Work to be completed: Among the lines below, some may hold the word "People"; state how many do, giving only the number.

---+---

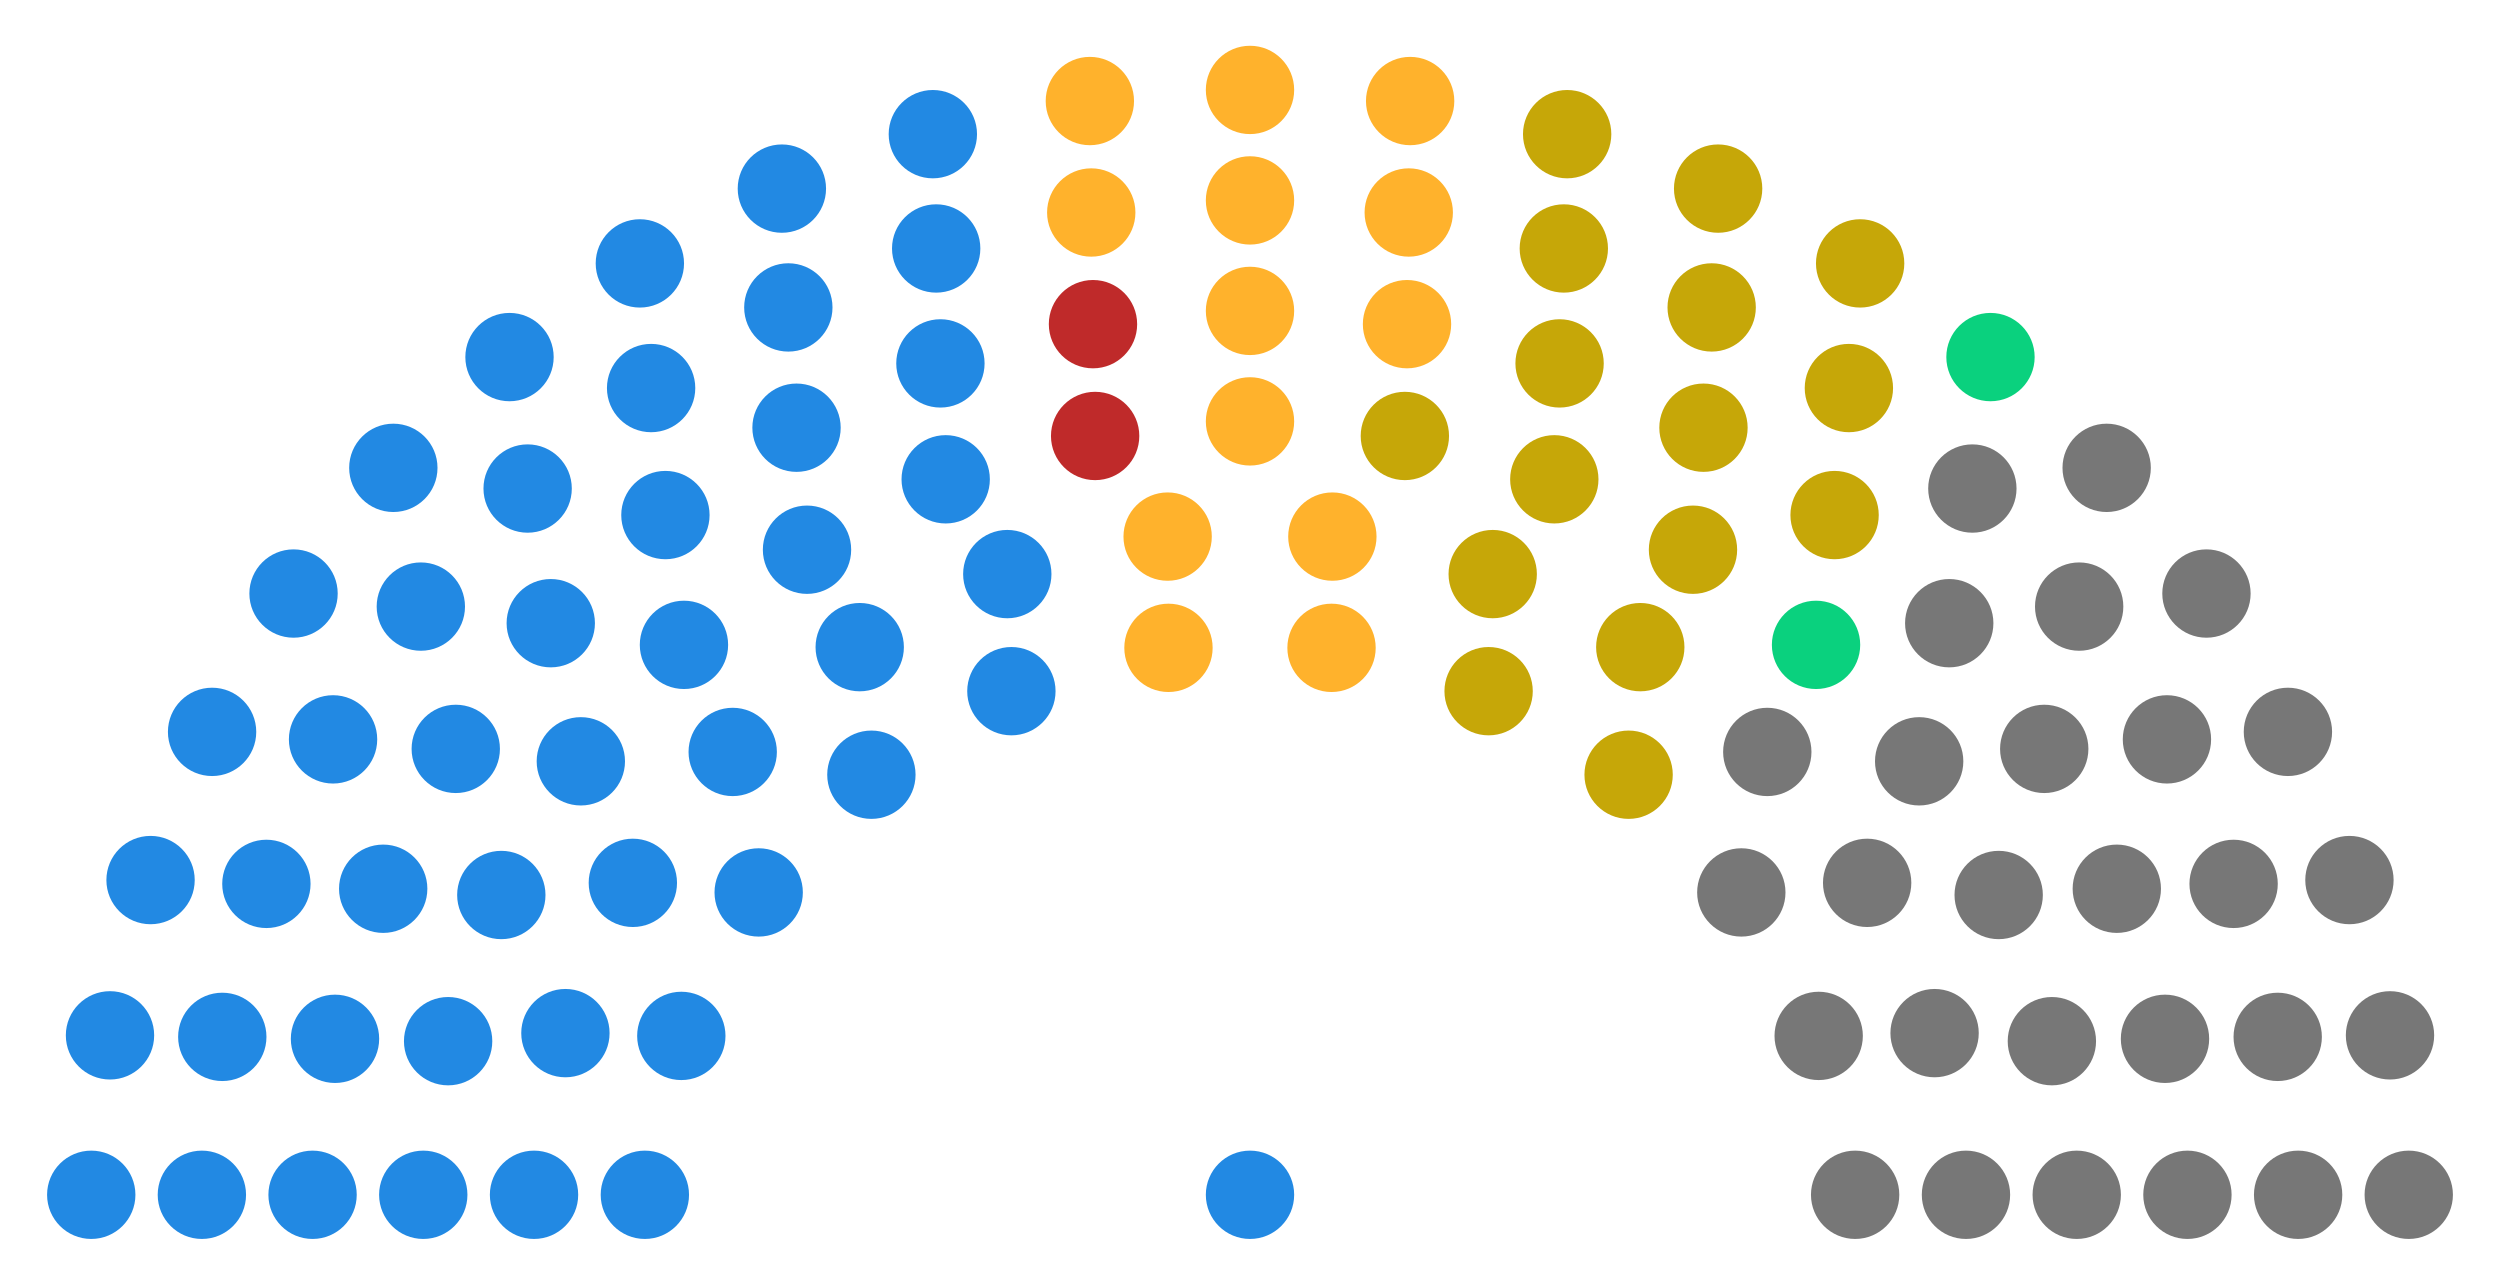 <?xml version="1.0" encoding="UTF-8" standalone="no"?>
<svg
   version="1.1"
   width="360.0"
   height="185.0"
   id="svg234"
   sodipodi:docname="tjaria2024.svg"
   inkscape:version="1.1.2 (0a00cf5339, 2022-02-04)"
   xmlns:inkscape="http://www.inkscape.org/namespaces/inkscape"
   xmlns:sodipodi="http://sodipodi.sourceforge.net/DTD/sodipodi-0.dtd"
   xmlns="http://www.w3.org/2000/svg"
   xmlns:svg="http://www.w3.org/2000/svg">
  <defs
     id="defs238" />
  <sodipodi:namedview
     id="namedview236"
     pagecolor="#505050"
     bordercolor="#eeeeee"
     borderopacity="1"
     inkscape:pageshadow="0"
     inkscape:pageopacity="0"
     inkscape:pagecheckerboard="0"
     showgrid="false"
     inkscape:zoom="3.2583333"
     inkscape:cx="238.61893"
     inkscape:cy="92.378517"
     inkscape:window-width="1920"
     inkscape:window-height="1048"
     inkscape:window-x="1920"
     inkscape:window-y="0"
     inkscape:window-maximized="1"
     inkscape:current-layer="0-Together-Uulgadzar" />
  <!-- Created with parliamentarch (https://github.com/Gouvernathor/parliamentarch/) -->
  <g
     style="fill:#2289e3"
     id="0-Together-Uulgadzar">
    <title
       id="title4">Together Uulgadzar</title>
    <circle
       cx="13.14"
       cy="172.05"
       r="6.36"
       id="circle6" />
    <circle
       cx="29.07"
       cy="172.05"
       r="6.36"
       id="circle8" />
    <circle
       cx="45.01"
       cy="172.05"
       r="6.36"
       id="circle10" />
    <circle
       cx="60.95"
       cy="172.05"
       r="6.36"
       id="circle12" />
    <circle
       cx="76.90"
       cy="172.05"
       r="6.36"
       id="circle14" />
    <circle
       cx="92.86"
       cy="172.05"
       id="circle16"
       r="6.36" />
    <circle
       cx="15.84"
       cy="149.09"
       r="6.36"
       id="circle18" />
    <circle
       cx="32.01"
       cy="149.31"
       r="6.36"
       id="circle20" />
    <circle
       cx="48.24"
       cy="149.59"
       r="6.36"
       id="circle22" />
    <circle
       cx="64.53"
       cy="149.93"
       r="6.36"
       id="circle24" />
    <circle
       cx="81.42"
       cy="148.77"
       r="6.36"
       id="circle26" />
    <circle
       cx="21.68"
       cy="126.73"
       r="6.36"
       id="circle28" />
    <circle
       cx="38.36"
       cy="127.28"
       r="6.36"
       id="circle30" />
    <circle
       cx="98.11"
       cy="149.17"
       r="6.36"
       id="circle32" />
    <circle
       cx="55.18"
       cy="127.98"
       r="6.36"
       id="circle34" />
    <circle
       cx="72.19"
       cy="128.88"
       r="6.36"
       id="circle36" />
    <circle
       cx="30.54"
       cy="105.39"
       r="6.36"
       id="circle38" />
    <circle
       cx="47.96"
       cy="106.47"
       r="6.36"
       id="circle40" />
    <circle
       cx="91.13"
       cy="127.13"
       r="6.36"
       id="circle42" />
    <circle
       cx="65.63"
       cy="107.84"
       r="6.36"
       id="circle44" />
    <circle
       cx="42.27"
       cy="85.47"
       r="6.36"
       id="circle46" />
    <circle
       cx="109.25"
       cy="128.51"
       r="6.36"
       id="circle48" />
    <circle
       cx="83.64"
       cy="109.63"
       r="6.36"
       id="circle50" />
    <circle
       cx="60.60"
       cy="87.35"
       r="6.36"
       id="circle52" />
    <circle
       cx="79.31"
       cy="89.74"
       r="6.36"
       id="circle54" />
    <circle
       cx="56.64"
       cy="67.37"
       r="6.36"
       id="circle56" />
    <circle
       cx="105.51"
       cy="108.28"
       r="6.36"
       id="circle58" />
    <circle
       cx="75.98"
       cy="70.35"
       r="6.36"
       id="circle60" />
    <circle
       cx="98.49"
       cy="92.86"
       r="6.36"
       id="circle62" />
    <circle
       cx="73.37"
       cy="51.42"
       r="6.36"
       id="circle64" />
    <circle
       cx="125.48"
       cy="111.56"
       r="6.36"
       id="circle66" />
    <circle
       cx="95.82"
       cy="74.17"
       r="6.36"
       id="circle68" />
    <circle
       cx="93.76"
       cy="55.88"
       r="6.36"
       id="circle70" />
    <circle
       cx="123.80"
       cy="93.19"
       r="6.36"
       id="circle72" />
    <circle
       cx="116.21"
       cy="79.16"
       r="6.36"
       id="circle74" />
    <circle
       cx="92.14"
       cy="37.93"
       r="6.36"
       id="circle76" />
    <circle
       cx="114.70"
       cy="61.59"
       r="6.36"
       id="circle78" />
    <circle
       cx="113.52"
       cy="44.27"
       r="6.36"
       id="circle80" />
    <circle
       cx="112.59"
       cy="27.16"
       r="6.36"
       id="circle82" />
    <circle
       cx="145.64"
       cy="99.53"
       r="6.36"
       id="circle84" />
    <circle
       cx="136.18"
       cy="69.02"
       r="6.36"
       id="circle86" />
    <circle
       cx="145.05"
       cy="82.67"
       r="6.36"
       id="circle88" />
    <circle
       cx="135.42"
       cy="52.33"
       r="6.36"
       id="circle90" />
    <circle
       cx="134.81"
       cy="35.78"
       r="6.36"
       id="circle92" />
    <circle
       cx="134.33"
       cy="19.32"
       r="6.36"
       id="circle94" />
    <circle
       cx="180"
       cy="172.05"
       id="circle16-3"
       r="6.36"
       style="fill:#2289e3" />
  </g>
  <g
     style="fill:#bf2a2a"
     id="1-People-s-Community">
    <title
       id="title97">People's Community</title>
    <circle
       cx="157.70"
       cy="62.78"
       r="6.36"
       id="circle99" />
    <circle
       cx="157.39"
       cy="46.68"
       r="6.36"
       id="circle101" />
  </g>
  <g
     style="fill:#ffb22c"
     id="2-Liberal-Party">
    <title
       id="title104">Liberal Party</title>
    <circle
       cx="157.14"
       cy="30.60"
       r="6.36"
       id="circle106" />
    <circle
       cx="156.94"
       cy="14.55"
       r="6.36"
       id="circle108" />
    <circle
       cx="168.26"
       cy="93.29"
       r="6.36"
       id="circle110" />
    <circle
       cx="168.14"
       cy="77.27"
       r="6.36"
       id="circle112" />
    <circle
       cx="180.00"
       cy="60.68"
       r="6.36"
       id="circle114" />
    <circle
       cx="180.00"
       cy="44.77"
       r="6.36"
       id="circle116" />
    <circle
       cx="180.00"
       cy="28.86"
       r="6.36"
       id="circle118" />
    <circle
       cx="180.00"
       cy="12.95"
       r="6.36"
       id="circle120" />
    <circle
       cx="191.86"
       cy="77.27"
       r="6.36"
       id="circle122" />
    <circle
       cx="191.74"
       cy="93.29"
       r="6.36"
       id="circle124" />
    <circle
       cx="203.06"
       cy="14.55"
       r="6.36"
       id="circle126" />
    <circle
       cx="202.86"
       cy="30.60"
       r="6.36"
       id="circle128" />
    <circle
       cx="202.61"
       cy="46.68"
       r="6.36"
       id="circle130" />
  </g>
  <g
     style="fill:#c6a708"
     id="3-Free-Democracy">
    <title
       id="title133">Free Democracy</title>
    <circle
       cx="202.30"
       cy="62.78"
       r="6.36"
       id="circle135" />
    <circle
       cx="225.67"
       cy="19.32"
       r="6.36"
       id="circle137" />
    <circle
       cx="225.19"
       cy="35.78"
       r="6.36"
       id="circle139" />
    <circle
       cx="224.58"
       cy="52.33"
       r="6.36"
       id="circle141" />
    <circle
       cx="214.95"
       cy="82.67"
       r="6.36"
       id="circle143" />
    <circle
       cx="223.82"
       cy="69.02"
       r="6.36"
       id="circle145" />
    <circle
       cx="214.36"
       cy="99.53"
       r="6.36"
       id="circle147" />
    <circle
       cx="247.41"
       cy="27.16"
       r="6.36"
       id="circle149" />
    <circle
       cx="246.48"
       cy="44.27"
       r="6.36"
       id="circle151" />
    <circle
       cx="245.30"
       cy="61.59"
       r="6.36"
       id="circle153" />
    <circle
       cx="267.86"
       cy="37.93"
       r="6.36"
       id="circle155" />
    <circle
       cx="243.79"
       cy="79.16"
       r="6.36"
       id="circle157" />
    <circle
       cx="236.20"
       cy="93.19"
       r="6.36"
       id="circle159" />
    <circle
       cx="266.24"
       cy="55.88"
       r="6.36"
       id="circle161" />
    <circle
       cx="264.18"
       cy="74.17"
       r="6.36"
       id="circle163" />
    <circle
       cx="234.52"
       cy="111.56"
       r="6.36"
       id="circle165" />
  </g>
  <g
     style="fill:#0ad17e"
     id="4-Change-for-Uulgadzar">
    <title
       id="title168">Change for Uulgadzar</title>
    <circle
       cx="286.63"
       cy="51.42"
       r="6.36"
       id="circle170" />
    <circle
       cx="261.51"
       cy="92.86"
       r="6.36"
       id="circle172" />
  </g>
  <g
     style="fill:#777777"
     id="5-Independents">
    <title
       id="title175">Independents</title>
    <circle
       cx="284.02"
       cy="70.35"
       r="6.36"
       id="circle177" />
    <circle
       cx="254.49"
       cy="108.28"
       r="6.36"
       id="circle179" />
    <circle
       cx="303.36"
       cy="67.37"
       r="6.36"
       id="circle181" />
    <circle
       cx="280.69"
       cy="89.74"
       r="6.36"
       id="circle183" />
    <circle
       cx="299.40"
       cy="87.35"
       r="6.36"
       id="circle185" />
    <circle
       cx="276.36"
       cy="109.63"
       r="6.36"
       id="circle187" />
    <circle
       cx="250.75"
       cy="128.51"
       r="6.36"
       id="circle189" />
    <circle
       cx="317.73"
       cy="85.47"
       r="6.36"
       id="circle191" />
    <circle
       cx="294.37"
       cy="107.84"
       r="6.36"
       id="circle193" />
    <circle
       cx="268.87"
       cy="127.13"
       r="6.36"
       id="circle195" />
    <circle
       cx="312.04"
       cy="106.47"
       r="6.36"
       id="circle197" />
    <circle
       cx="329.46"
       cy="105.39"
       r="6.36"
       id="circle199" />
    <circle
       cx="287.81"
       cy="128.88"
       r="6.36"
       id="circle201" />
    <circle
       cx="304.82"
       cy="127.98"
       r="6.36"
       id="circle203" />
    <circle
       cx="261.89"
       cy="149.17"
       r="6.36"
       id="circle205" />
    <circle
       cx="321.64"
       cy="127.28"
       r="6.36"
       id="circle207" />
    <circle
       cx="338.32"
       cy="126.73"
       r="6.36"
       id="circle209" />
    <circle
       cx="278.58"
       cy="148.77"
       r="6.36"
       id="circle211" />
    <circle
       cx="295.47"
       cy="149.93"
       r="6.36"
       id="circle213" />
    <circle
       cx="311.76"
       cy="149.59"
       r="6.36"
       id="circle215" />
    <circle
       cx="327.99"
       cy="149.31"
       r="6.36"
       id="circle217" />
    <circle
       cx="344.16"
       cy="149.09"
       r="6.36"
       id="circle219" />
    <circle
       cx="267.14"
       cy="172.05"
       r="6.36"
       id="circle221" />
    <circle
       cx="283.10"
       cy="172.05"
       r="6.36"
       id="circle223" />
    <circle
       cx="299.05"
       cy="172.05"
       r="6.36"
       id="circle225" />
    <circle
       cx="314.99"
       cy="172.05"
       r="6.36"
       id="circle227" />
    <circle
       cx="330.93"
       cy="172.05"
       r="6.36"
       id="circle229" />
    <circle
       cx="346.86"
       cy="172.05"
       r="6.36"
       id="circle231" />
  </g>
</svg>

---+---

Exercise solution: 2